Because an unfaithful god is no better than no god, and maybe even worse!
These were the consequences of Israel’s disobedience to the law of God. The consequences of their wickedness were the overthrow of their nation, the leveling of the walls of Jerusalem that kept everyone feeling safe, and the destruction of the temple the very place where God rested, and to top it off they were then banished to Babylon! Their situation was extremely bleak and the prophet Jeremiah laid the blame squarely on the shoulders of the suffering people.

Sometime in our lives, we will know suffering. Some of us will suffer greatly and others of us will suffer less. In our bleakest of days, the worst knowledge we have is that sometimes we cause our own suffering. There are times when we have done nothing wrong and have followed all of the rules and yet we are punished for imagined sins. But the worst moments of our life is seeing the ruined rubble of that life falling down around us and knowing that we caused this destruction all by our self.

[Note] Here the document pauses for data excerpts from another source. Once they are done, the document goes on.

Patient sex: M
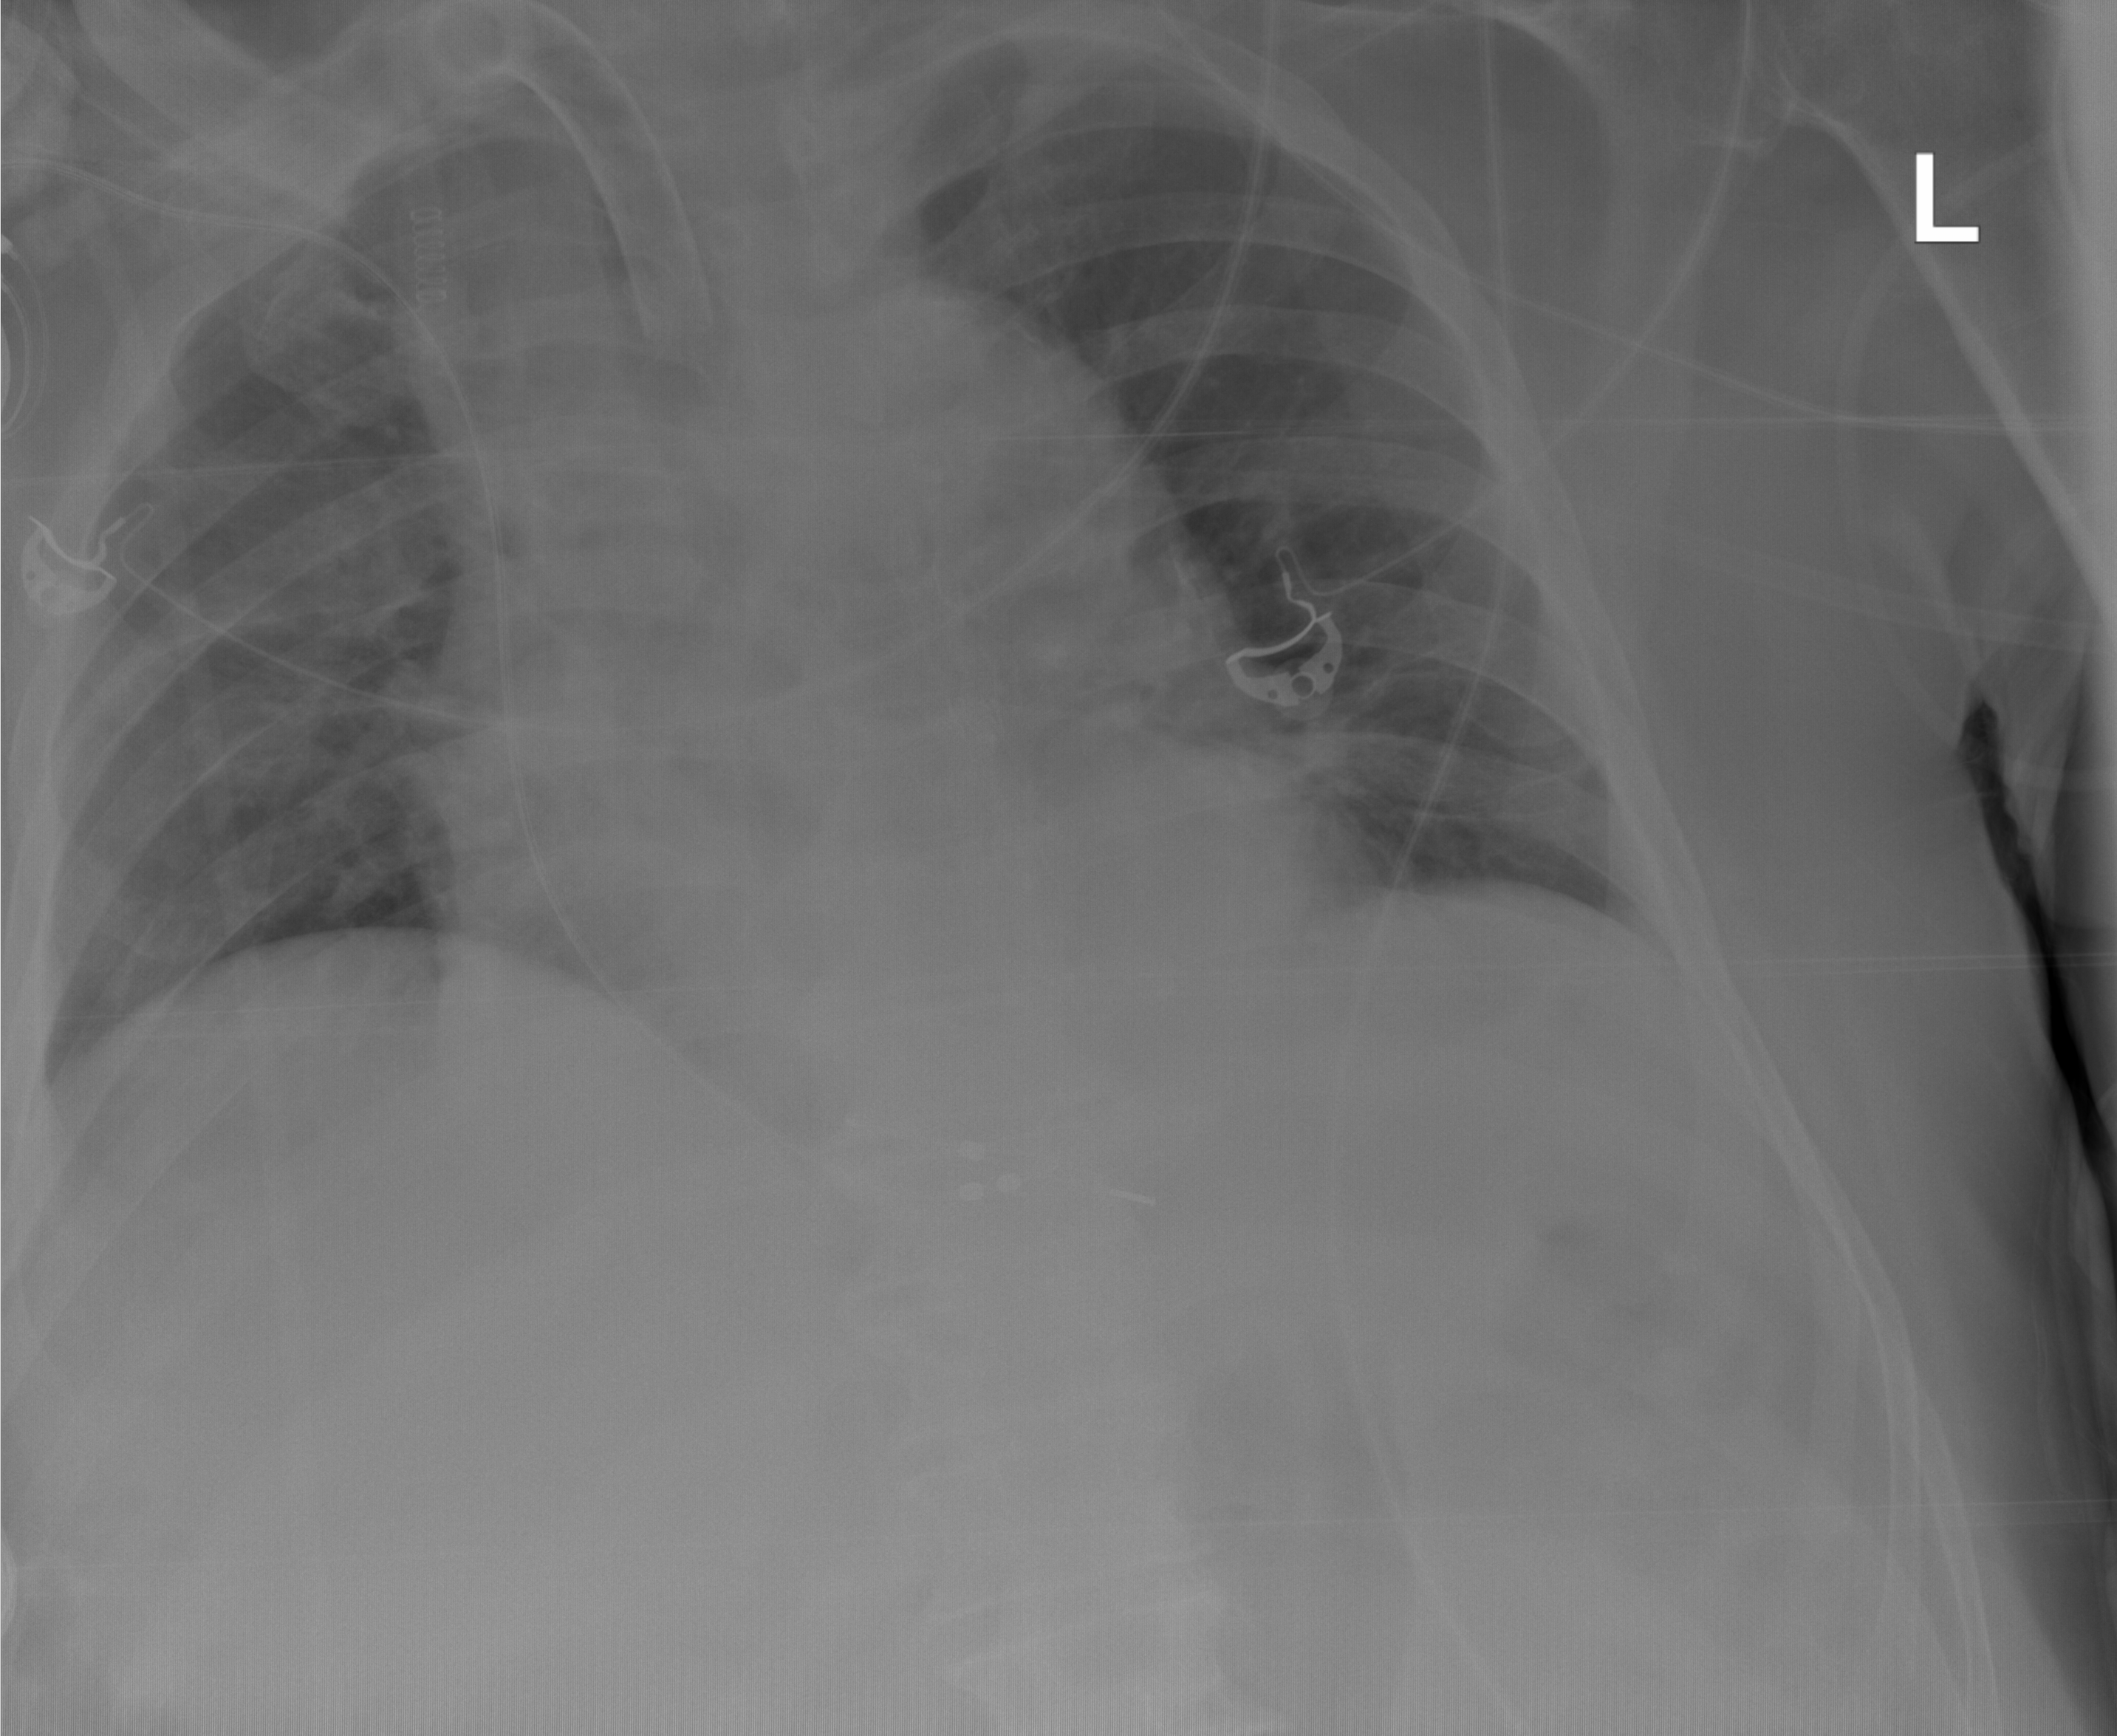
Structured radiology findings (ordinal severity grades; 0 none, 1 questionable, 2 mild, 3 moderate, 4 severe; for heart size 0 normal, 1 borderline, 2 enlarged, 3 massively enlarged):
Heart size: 2
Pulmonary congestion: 1
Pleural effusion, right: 0
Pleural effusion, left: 2
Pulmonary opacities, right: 1
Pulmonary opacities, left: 0
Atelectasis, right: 2
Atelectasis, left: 2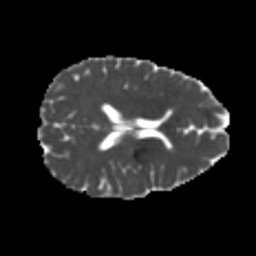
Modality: MD
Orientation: axial
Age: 21
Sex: female
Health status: healthy
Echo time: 0.074 s

This is what the Israelites were experiencing. Jeremiah was not letting them off the hook. YOU caused this. YOU knew better for I have been preaching to you for years that this was going to happen and YOU ignored me!

Just when Jeremiah is really about to get on his high horse and flog everyone with his “I told you so’s”, God’s voice steps in and changes the whole tone of what happened to the Israelites. Yes, they are suffering because of what they have done, but, God promises that the day will come when God will make a new covenant with the people and it will be completely different from the past covenants! God promises that his covenant will change the way every one of us interacts with each other.

God promises to write the law not on stone tablets that can be written down and ignored, but on everyone’s heart. He promises that once again he will be their God and they will be His people. Even better, God promises that no longer will people talk about knowing God, but instead every person from the least to the greatest will know God intimately in a relationship unseen by one before this time! God promises to forgive them their every sin and promises to never remember those sins the people have committed.

What we read here is a prophecy that will come true hundreds of years later in the form of Jesus Christ. Jeremiah is predicting Jesus to the Israelites who have just had their freedom and rights taken away, and in this promise he tells them they will have a freedom and relationship with God unlike any they could have imagined. Jeremiah is bringing hope back to the people in the most unlikely of times.

He is reminding us that even the darkest moments of our lives have transformative moments if we give them to God. If we trust and believe in Jesus Christ, even the moments of suffering we bring upon ourselves can become a way for the greatest of miracles to begin. That is what happened here. In Israel’s darkest and most hellish of historical moments, there was birthed the seed of hope that would become our Messiah, the one we call our Lord and Savior Jesus Christ who would offer us more than we could ever deserve.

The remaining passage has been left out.